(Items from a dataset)

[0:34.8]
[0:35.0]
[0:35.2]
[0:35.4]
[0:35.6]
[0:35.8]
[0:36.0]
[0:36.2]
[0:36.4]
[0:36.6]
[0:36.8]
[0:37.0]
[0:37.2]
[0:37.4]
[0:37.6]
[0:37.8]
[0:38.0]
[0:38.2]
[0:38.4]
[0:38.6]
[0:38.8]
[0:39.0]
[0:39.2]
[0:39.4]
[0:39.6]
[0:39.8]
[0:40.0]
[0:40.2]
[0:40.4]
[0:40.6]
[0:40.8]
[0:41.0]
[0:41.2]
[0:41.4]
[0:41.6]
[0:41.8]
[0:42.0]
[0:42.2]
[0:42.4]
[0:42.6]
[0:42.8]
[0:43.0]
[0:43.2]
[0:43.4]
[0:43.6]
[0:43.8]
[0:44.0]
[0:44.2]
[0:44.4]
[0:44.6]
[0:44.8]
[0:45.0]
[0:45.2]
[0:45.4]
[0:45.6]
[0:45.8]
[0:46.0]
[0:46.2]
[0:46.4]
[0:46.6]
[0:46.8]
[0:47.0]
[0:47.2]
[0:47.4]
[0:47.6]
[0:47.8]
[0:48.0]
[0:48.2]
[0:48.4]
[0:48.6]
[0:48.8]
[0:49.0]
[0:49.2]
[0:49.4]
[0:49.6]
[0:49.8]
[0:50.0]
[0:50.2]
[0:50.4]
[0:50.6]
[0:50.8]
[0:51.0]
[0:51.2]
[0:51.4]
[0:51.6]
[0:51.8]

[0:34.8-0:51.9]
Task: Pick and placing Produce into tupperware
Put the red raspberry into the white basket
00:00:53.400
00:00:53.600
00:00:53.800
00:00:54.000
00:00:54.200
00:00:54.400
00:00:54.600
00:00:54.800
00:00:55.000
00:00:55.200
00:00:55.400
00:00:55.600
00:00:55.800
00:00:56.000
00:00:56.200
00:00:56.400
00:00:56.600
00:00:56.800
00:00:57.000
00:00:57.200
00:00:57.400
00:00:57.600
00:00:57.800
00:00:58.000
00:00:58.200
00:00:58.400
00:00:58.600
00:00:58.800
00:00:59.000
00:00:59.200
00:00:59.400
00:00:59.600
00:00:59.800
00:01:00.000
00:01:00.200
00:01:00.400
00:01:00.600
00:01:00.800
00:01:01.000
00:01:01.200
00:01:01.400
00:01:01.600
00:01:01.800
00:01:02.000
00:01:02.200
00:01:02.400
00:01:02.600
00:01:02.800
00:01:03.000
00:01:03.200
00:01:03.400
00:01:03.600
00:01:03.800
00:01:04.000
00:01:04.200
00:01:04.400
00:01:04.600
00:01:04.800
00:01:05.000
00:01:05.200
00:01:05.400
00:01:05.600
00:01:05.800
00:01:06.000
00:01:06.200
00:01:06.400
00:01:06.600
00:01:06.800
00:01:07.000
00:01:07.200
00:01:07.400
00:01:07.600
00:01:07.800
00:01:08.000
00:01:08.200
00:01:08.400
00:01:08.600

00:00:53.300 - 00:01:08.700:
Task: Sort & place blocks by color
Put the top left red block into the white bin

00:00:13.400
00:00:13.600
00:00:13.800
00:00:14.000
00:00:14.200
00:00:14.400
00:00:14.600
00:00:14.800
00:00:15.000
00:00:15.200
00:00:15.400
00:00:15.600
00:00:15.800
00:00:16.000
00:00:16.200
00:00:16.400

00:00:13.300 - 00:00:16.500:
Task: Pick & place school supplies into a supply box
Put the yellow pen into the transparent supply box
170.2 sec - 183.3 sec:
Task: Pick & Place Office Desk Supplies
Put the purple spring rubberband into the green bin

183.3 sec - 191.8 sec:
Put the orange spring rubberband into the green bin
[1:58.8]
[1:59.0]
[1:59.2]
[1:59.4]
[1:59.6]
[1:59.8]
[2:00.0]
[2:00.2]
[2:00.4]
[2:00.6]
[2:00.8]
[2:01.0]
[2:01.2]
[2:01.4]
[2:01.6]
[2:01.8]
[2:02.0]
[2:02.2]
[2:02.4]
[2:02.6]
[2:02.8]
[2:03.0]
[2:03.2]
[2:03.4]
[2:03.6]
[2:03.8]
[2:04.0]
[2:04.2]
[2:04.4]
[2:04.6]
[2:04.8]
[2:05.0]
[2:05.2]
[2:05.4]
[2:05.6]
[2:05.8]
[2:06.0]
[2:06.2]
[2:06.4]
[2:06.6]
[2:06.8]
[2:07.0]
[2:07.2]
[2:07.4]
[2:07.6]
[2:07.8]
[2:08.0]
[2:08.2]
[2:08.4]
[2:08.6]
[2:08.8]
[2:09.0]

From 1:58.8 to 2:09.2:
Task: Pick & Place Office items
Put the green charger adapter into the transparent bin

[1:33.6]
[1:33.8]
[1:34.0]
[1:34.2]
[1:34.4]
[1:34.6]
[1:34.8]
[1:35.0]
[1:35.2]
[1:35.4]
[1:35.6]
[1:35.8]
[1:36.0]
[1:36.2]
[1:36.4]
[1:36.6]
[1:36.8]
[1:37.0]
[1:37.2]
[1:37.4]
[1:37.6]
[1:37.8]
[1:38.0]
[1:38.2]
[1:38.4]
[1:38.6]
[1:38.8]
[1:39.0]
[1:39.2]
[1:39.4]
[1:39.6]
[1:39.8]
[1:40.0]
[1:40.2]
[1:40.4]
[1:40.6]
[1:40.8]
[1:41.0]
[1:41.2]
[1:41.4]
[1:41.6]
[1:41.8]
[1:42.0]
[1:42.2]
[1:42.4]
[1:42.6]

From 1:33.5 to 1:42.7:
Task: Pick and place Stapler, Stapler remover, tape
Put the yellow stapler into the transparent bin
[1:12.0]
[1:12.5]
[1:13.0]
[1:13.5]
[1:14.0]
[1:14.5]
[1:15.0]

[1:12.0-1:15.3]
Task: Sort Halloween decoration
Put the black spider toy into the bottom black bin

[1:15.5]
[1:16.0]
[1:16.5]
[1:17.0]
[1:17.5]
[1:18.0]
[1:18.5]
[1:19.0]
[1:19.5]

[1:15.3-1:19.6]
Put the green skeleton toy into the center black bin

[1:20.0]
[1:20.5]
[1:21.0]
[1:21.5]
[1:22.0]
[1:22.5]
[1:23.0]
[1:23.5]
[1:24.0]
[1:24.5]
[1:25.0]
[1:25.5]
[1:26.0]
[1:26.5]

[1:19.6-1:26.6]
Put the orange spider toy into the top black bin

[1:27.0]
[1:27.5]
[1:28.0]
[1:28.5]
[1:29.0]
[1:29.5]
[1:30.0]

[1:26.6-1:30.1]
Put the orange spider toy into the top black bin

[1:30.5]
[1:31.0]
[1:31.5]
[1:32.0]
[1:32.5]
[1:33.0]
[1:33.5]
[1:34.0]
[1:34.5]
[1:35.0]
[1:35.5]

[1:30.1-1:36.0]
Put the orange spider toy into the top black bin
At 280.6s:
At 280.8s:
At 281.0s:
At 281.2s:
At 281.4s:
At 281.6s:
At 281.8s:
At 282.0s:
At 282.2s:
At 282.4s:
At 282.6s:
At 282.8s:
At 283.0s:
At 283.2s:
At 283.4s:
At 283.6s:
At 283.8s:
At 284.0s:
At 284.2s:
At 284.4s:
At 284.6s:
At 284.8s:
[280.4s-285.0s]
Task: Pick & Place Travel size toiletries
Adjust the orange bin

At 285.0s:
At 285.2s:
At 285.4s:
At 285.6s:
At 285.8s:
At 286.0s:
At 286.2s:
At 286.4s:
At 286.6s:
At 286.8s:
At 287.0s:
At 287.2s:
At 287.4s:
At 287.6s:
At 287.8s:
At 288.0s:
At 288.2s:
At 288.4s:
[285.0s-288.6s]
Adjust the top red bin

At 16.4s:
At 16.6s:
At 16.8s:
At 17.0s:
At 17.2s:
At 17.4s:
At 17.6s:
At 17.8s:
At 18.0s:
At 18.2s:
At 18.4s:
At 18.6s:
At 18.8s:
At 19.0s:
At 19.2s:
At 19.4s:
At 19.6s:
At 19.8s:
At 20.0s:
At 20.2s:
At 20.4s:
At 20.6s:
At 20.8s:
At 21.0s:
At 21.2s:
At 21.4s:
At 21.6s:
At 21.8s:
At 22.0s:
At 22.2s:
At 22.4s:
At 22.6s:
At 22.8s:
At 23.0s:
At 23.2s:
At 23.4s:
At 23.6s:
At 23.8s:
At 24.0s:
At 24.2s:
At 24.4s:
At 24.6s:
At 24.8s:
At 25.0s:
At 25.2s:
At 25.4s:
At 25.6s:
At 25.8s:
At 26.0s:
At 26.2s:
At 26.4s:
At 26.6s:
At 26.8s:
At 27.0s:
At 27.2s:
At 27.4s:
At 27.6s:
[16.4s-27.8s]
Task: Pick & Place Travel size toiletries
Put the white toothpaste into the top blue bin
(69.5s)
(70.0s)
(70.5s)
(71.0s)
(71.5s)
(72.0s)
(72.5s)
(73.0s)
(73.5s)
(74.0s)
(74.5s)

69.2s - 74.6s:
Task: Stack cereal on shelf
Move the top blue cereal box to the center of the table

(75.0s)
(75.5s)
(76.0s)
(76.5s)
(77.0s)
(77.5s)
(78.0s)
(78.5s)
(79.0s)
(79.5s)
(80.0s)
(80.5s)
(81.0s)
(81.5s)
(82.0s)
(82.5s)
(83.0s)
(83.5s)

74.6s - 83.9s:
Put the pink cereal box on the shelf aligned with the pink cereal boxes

EXERCISE: Give back the entries above exactly as they are, from their first line through the line that contains "00:00:57.400", both included, with nothing else.

EXERCISE SOLUTION:
[0:34.8]
[0:35.0]
[0:35.2]
[0:35.4]
[0:35.6]
[0:35.8]
[0:36.0]
[0:36.2]
[0:36.4]
[0:36.6]
[0:36.8]
[0:37.0]
[0:37.2]
[0:37.4]
[0:37.6]
[0:37.8]
[0:38.0]
[0:38.2]
[0:38.4]
[0:38.6]
[0:38.8]
[0:39.0]
[0:39.2]
[0:39.4]
[0:39.6]
[0:39.8]
[0:40.0]
[0:40.2]
[0:40.4]
[0:40.6]
[0:40.8]
[0:41.0]
[0:41.2]
[0:41.4]
[0:41.6]
[0:41.8]
[0:42.0]
[0:42.2]
[0:42.4]
[0:42.6]
[0:42.8]
[0:43.0]
[0:43.2]
[0:43.4]
[0:43.6]
[0:43.8]
[0:44.0]
[0:44.2]
[0:44.4]
[0:44.6]
[0:44.8]
[0:45.0]
[0:45.2]
[0:45.4]
[0:45.6]
[0:45.8]
[0:46.0]
[0:46.2]
[0:46.4]
[0:46.6]
[0:46.8]
[0:47.0]
[0:47.2]
[0:47.4]
[0:47.6]
[0:47.8]
[0:48.0]
[0:48.2]
[0:48.4]
[0:48.6]
[0:48.8]
[0:49.0]
[0:49.2]
[0:49.4]
[0:49.6]
[0:49.8]
[0:50.0]
[0:50.2]
[0:50.4]
[0:50.6]
[0:50.8]
[0:51.0]
[0:51.2]
[0:51.4]
[0:51.6]
[0:51.8]

[0:34.8-0:51.9]
Task: Pick and placing Produce into tupperware
Put the red raspberry into the white basket
00:00:53.400
00:00:53.600
00:00:53.800
00:00:54.000
00:00:54.200
00:00:54.400
00:00:54.600
00:00:54.800
00:00:55.000
00:00:55.200
00:00:55.400
00:00:55.600
00:00:55.800
00:00:56.000
00:00:56.200
00:00:56.400
00:00:56.600
00:00:56.800
00:00:57.000
00:00:57.200
00:00:57.400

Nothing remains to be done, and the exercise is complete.